TASK PROMPT> Please output the listing that follows exactly, but keep all images out.
※ ※ ※
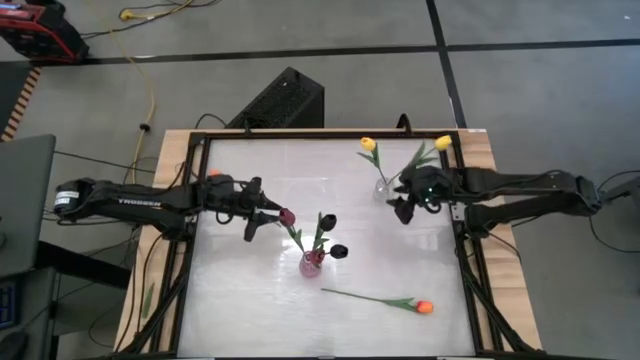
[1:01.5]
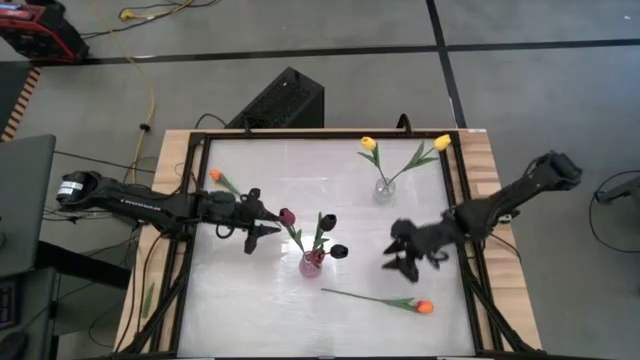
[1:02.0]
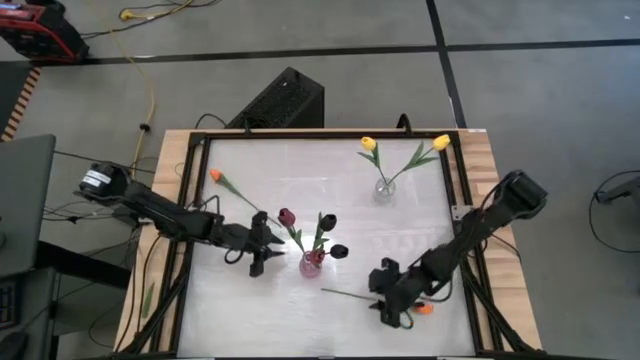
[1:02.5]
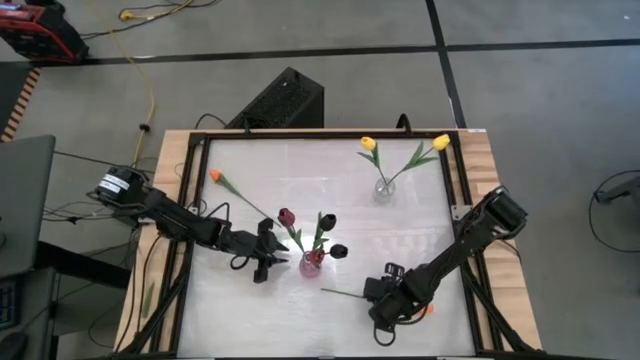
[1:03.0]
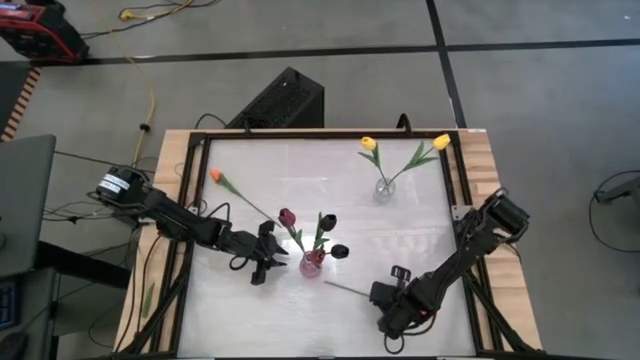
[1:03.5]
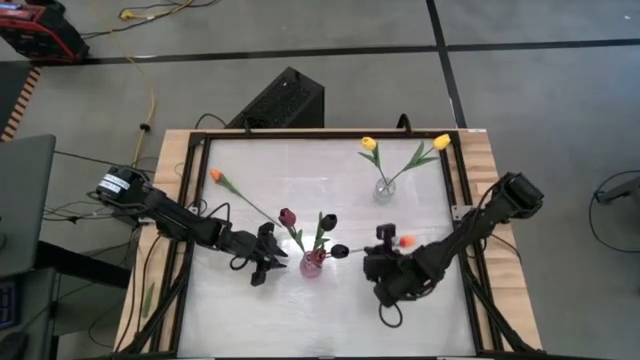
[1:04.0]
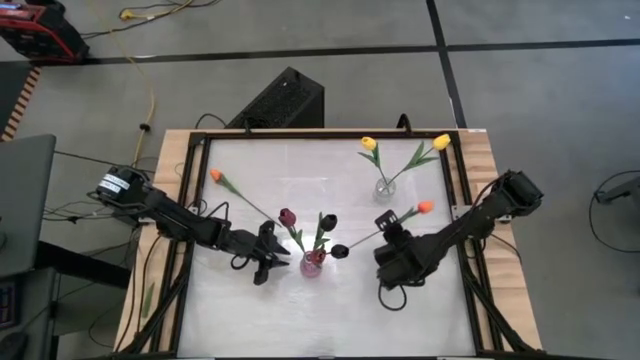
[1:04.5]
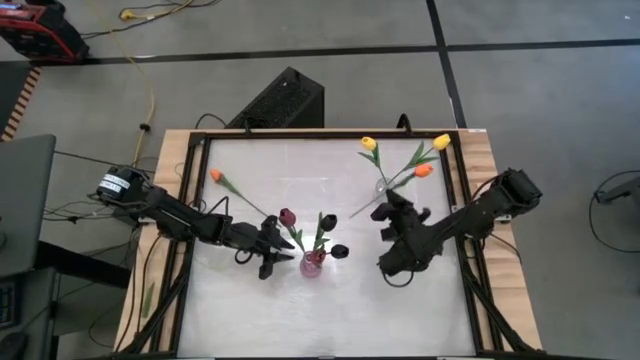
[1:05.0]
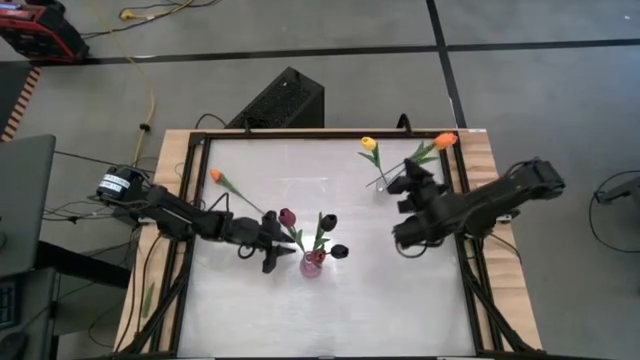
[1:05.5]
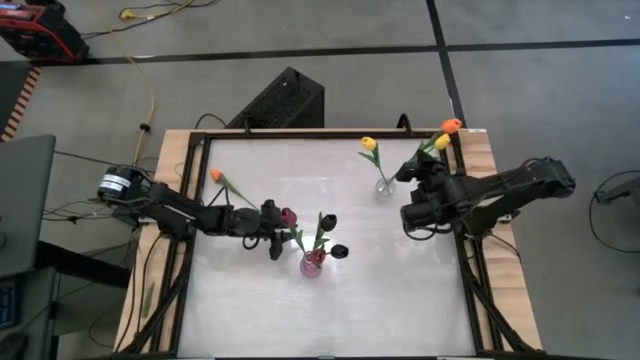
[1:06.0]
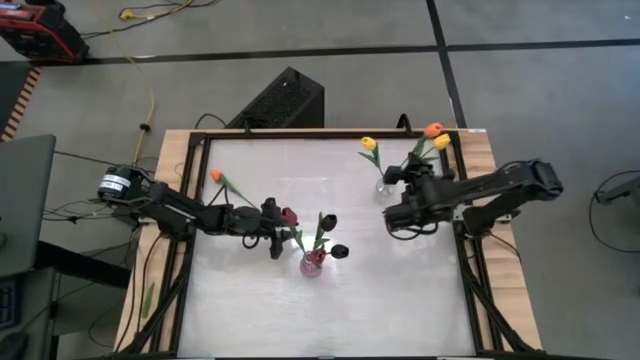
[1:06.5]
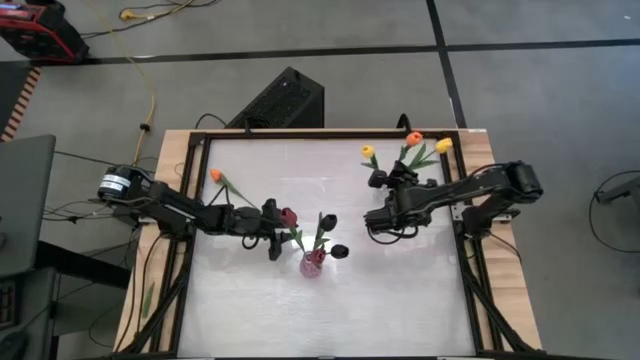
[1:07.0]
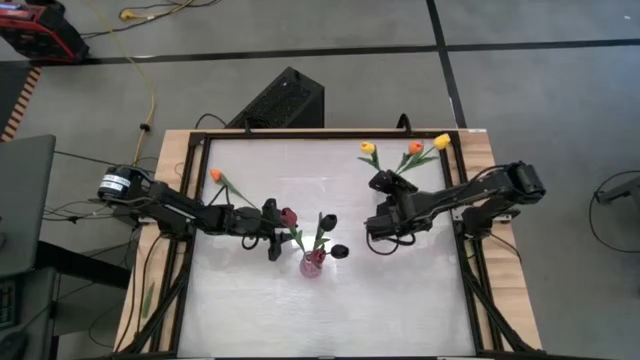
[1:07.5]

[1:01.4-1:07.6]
Put the bottom orange flower into the transparent vase
※ ※ ※
WRITTEN SOLUTION>
[1:01.5]
[1:02.0]
[1:02.5]
[1:03.0]
[1:03.5]
[1:04.0]
[1:04.5]
[1:05.0]
[1:05.5]
[1:06.0]
[1:06.5]
[1:07.0]
[1:07.5]

[1:01.4-1:07.6]
Put the bottom orange flower into the transparent vase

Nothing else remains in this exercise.